# Problem requirements
All of the data is to be printed exactly, though the images must be left off.

Provided data Start Marker

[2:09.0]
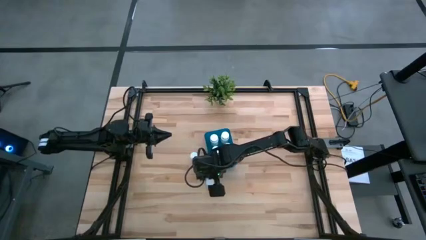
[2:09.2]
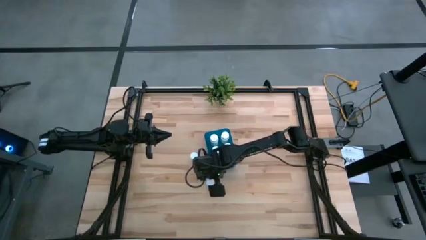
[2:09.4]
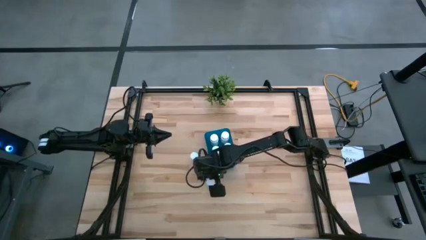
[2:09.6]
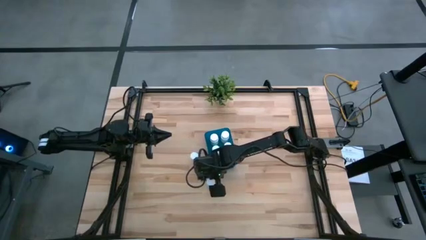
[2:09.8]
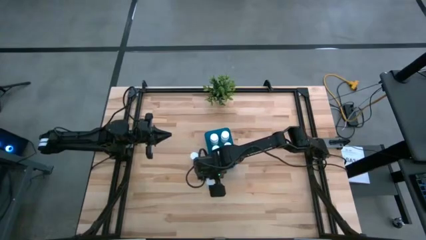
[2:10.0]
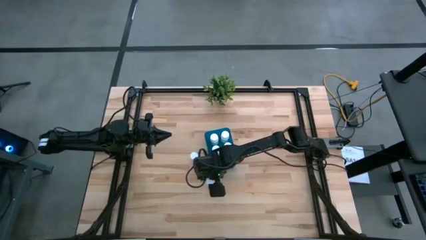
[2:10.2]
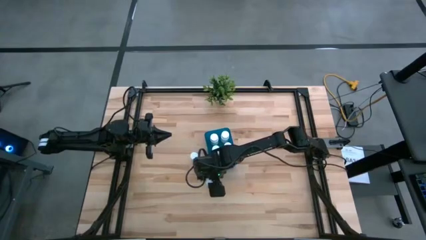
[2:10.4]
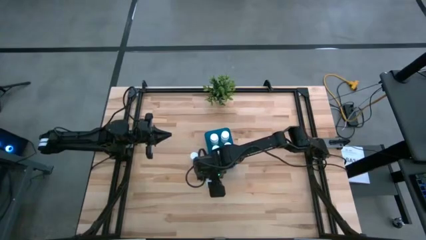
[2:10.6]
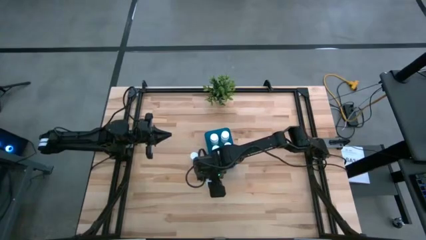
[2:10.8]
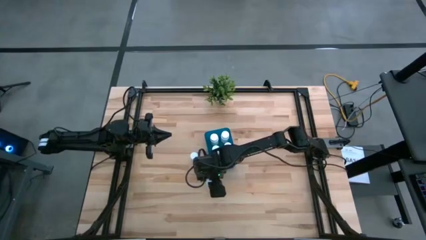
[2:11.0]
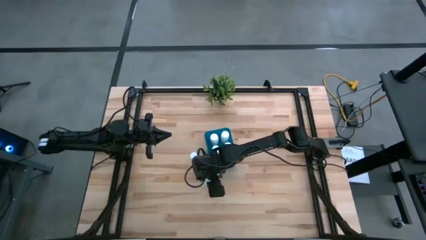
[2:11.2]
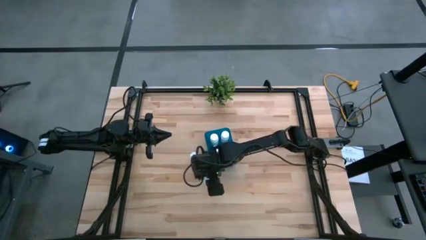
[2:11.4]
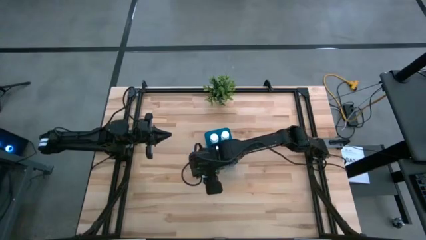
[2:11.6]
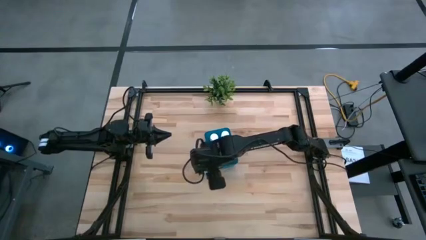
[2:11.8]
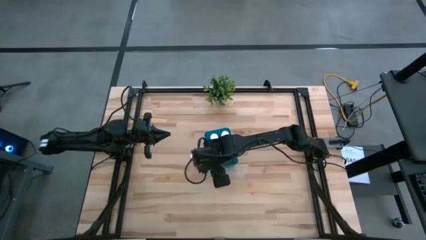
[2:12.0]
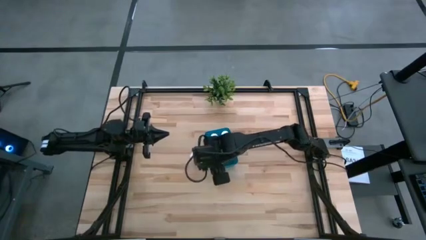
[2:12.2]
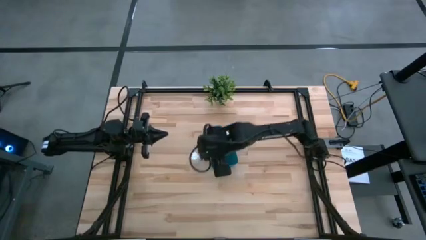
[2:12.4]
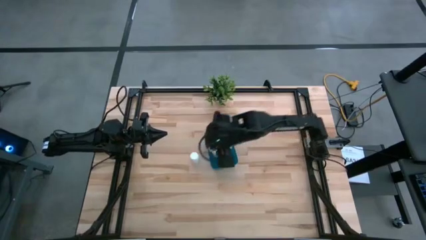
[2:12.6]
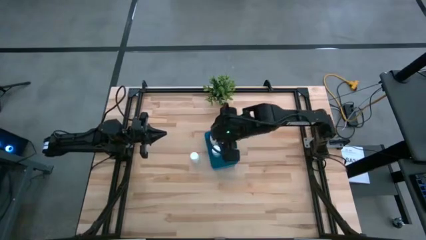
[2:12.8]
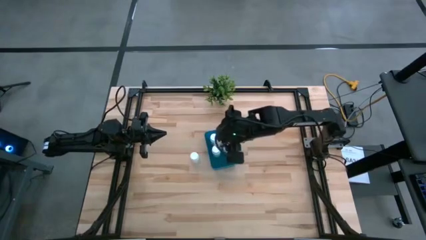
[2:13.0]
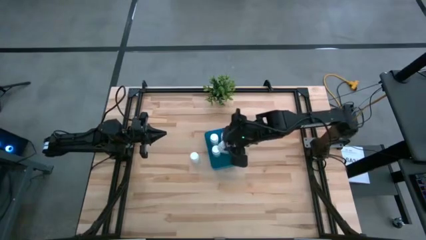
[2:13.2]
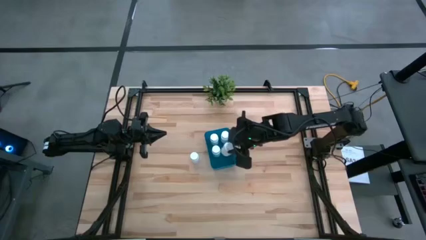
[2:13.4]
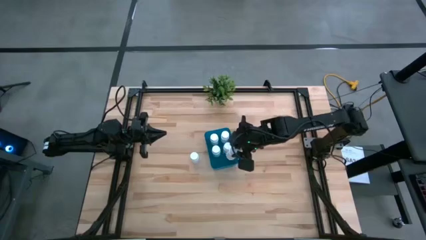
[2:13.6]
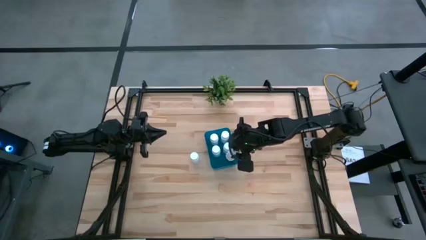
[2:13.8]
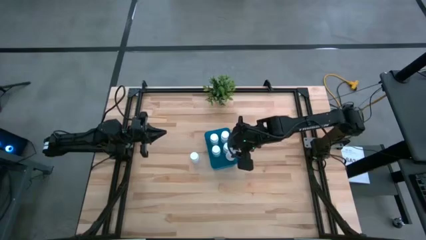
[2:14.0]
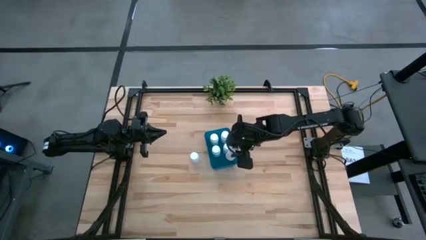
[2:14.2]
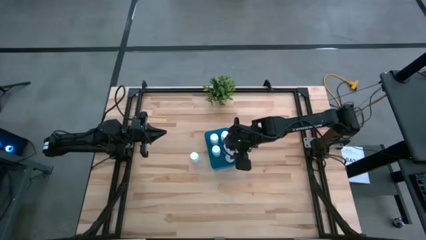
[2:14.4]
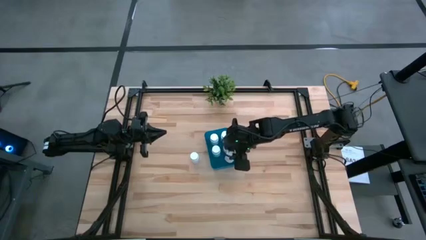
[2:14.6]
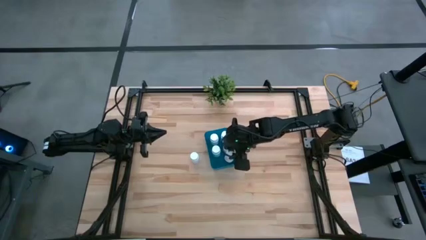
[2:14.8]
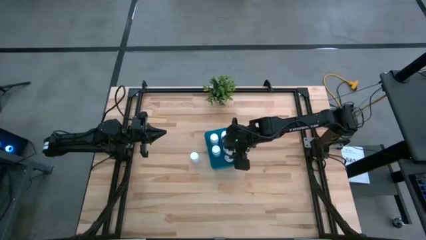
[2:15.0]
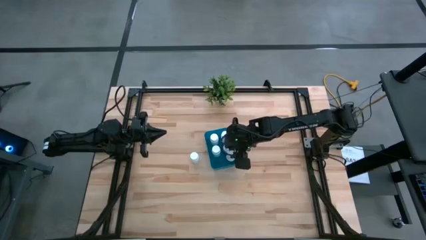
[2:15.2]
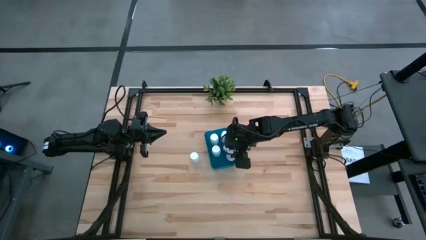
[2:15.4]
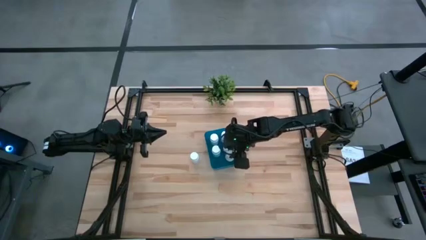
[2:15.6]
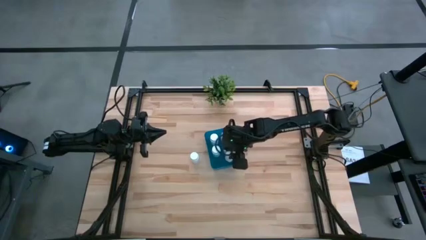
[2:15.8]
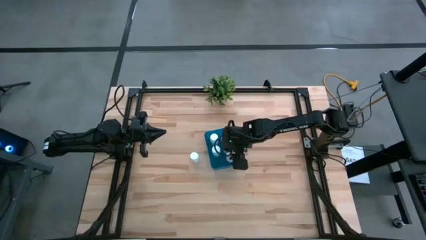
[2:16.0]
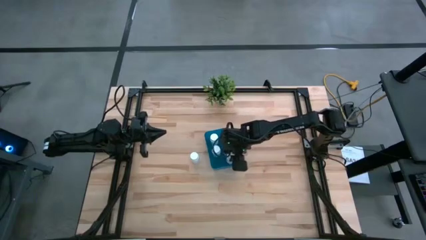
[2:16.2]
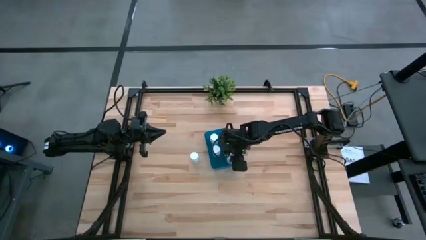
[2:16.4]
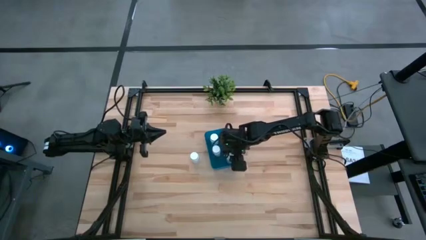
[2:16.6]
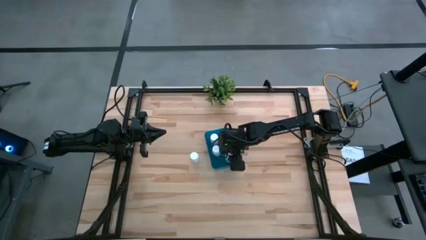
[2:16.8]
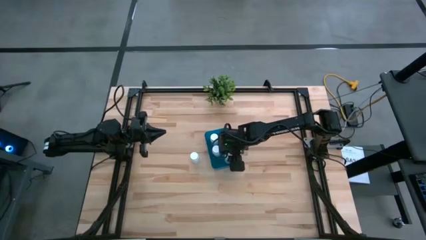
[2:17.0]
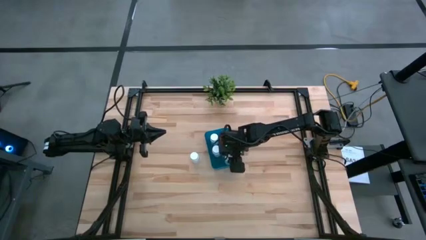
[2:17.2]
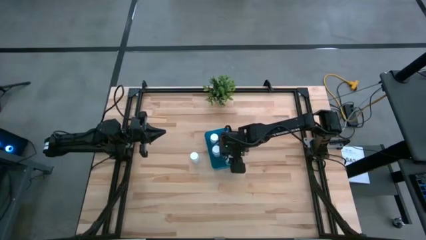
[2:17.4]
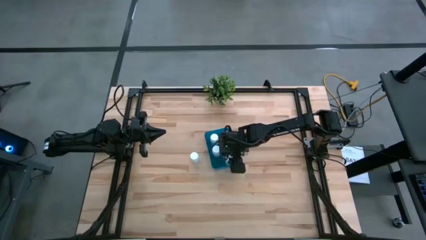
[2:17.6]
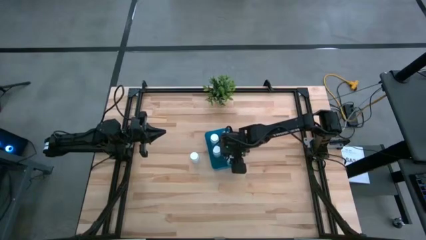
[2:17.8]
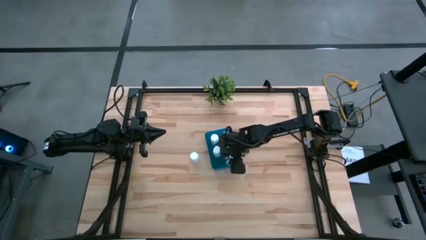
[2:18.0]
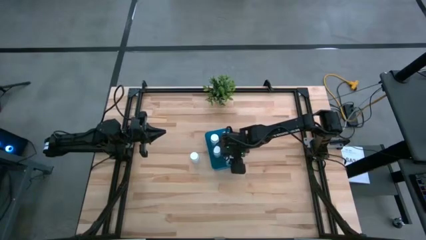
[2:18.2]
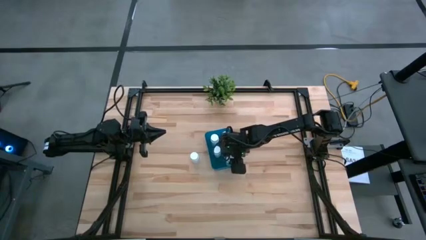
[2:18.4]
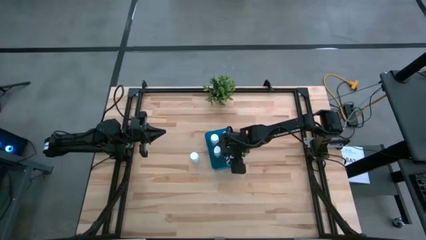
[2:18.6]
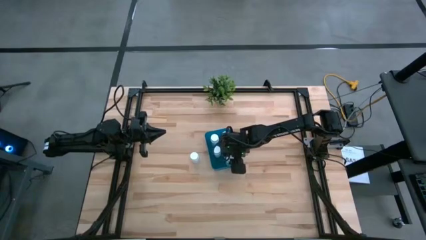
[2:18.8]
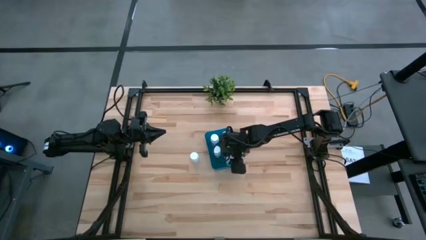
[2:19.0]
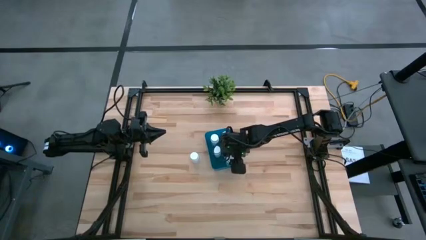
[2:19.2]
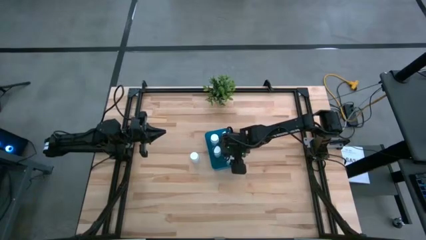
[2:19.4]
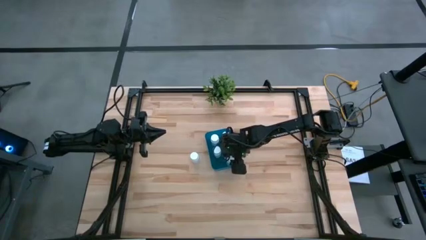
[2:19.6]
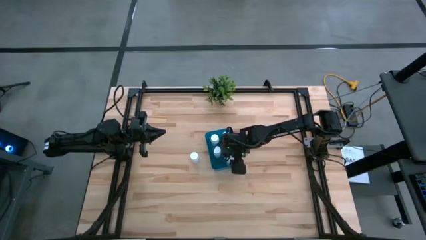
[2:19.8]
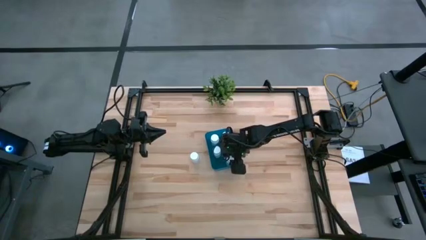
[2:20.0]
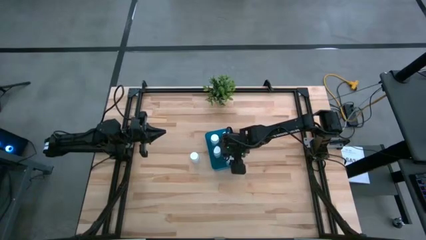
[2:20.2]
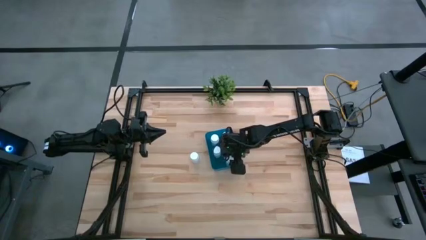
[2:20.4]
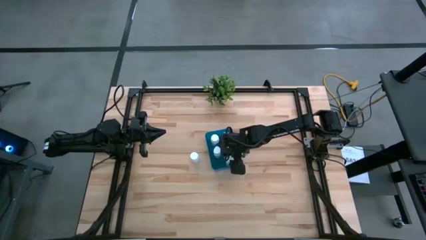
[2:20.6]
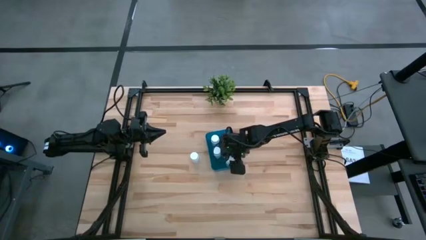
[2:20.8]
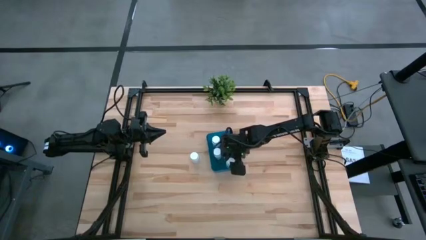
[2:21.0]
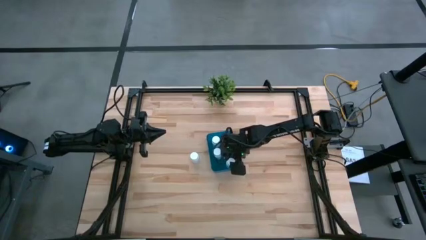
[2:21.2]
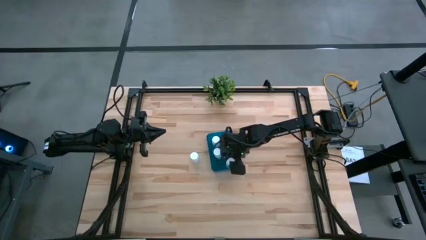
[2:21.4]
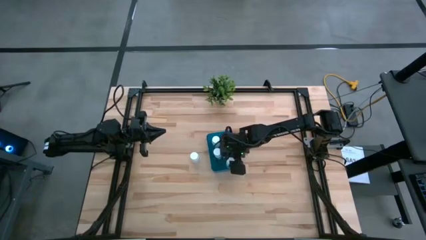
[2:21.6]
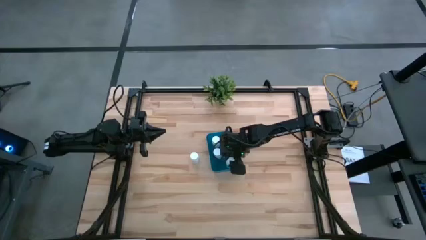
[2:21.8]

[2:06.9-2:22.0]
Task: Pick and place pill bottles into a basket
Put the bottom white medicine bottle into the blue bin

Provided data End Marker

# Completed exercise
[2:09.0]
[2:09.2]
[2:09.4]
[2:09.6]
[2:09.8]
[2:10.0]
[2:10.2]
[2:10.4]
[2:10.6]
[2:10.8]
[2:11.0]
[2:11.2]
[2:11.4]
[2:11.6]
[2:11.8]
[2:12.0]
[2:12.2]
[2:12.4]
[2:12.6]
[2:12.8]
[2:13.0]
[2:13.2]
[2:13.4]
[2:13.6]
[2:13.8]
[2:14.0]
[2:14.2]
[2:14.4]
[2:14.6]
[2:14.8]
[2:15.0]
[2:15.2]
[2:15.4]
[2:15.6]
[2:15.8]
[2:16.0]
[2:16.2]
[2:16.4]
[2:16.6]
[2:16.8]
[2:17.0]
[2:17.2]
[2:17.4]
[2:17.6]
[2:17.8]
[2:18.0]
[2:18.2]
[2:18.4]
[2:18.6]
[2:18.8]
[2:19.0]
[2:19.2]
[2:19.4]
[2:19.6]
[2:19.8]
[2:20.0]
[2:20.2]
[2:20.4]
[2:20.6]
[2:20.8]
[2:21.0]
[2:21.2]
[2:21.4]
[2:21.6]
[2:21.8]

[2:06.9-2:22.0]
Task: Pick and place pill bottles into a basket
Put the bottom white medicine bottle into the blue bin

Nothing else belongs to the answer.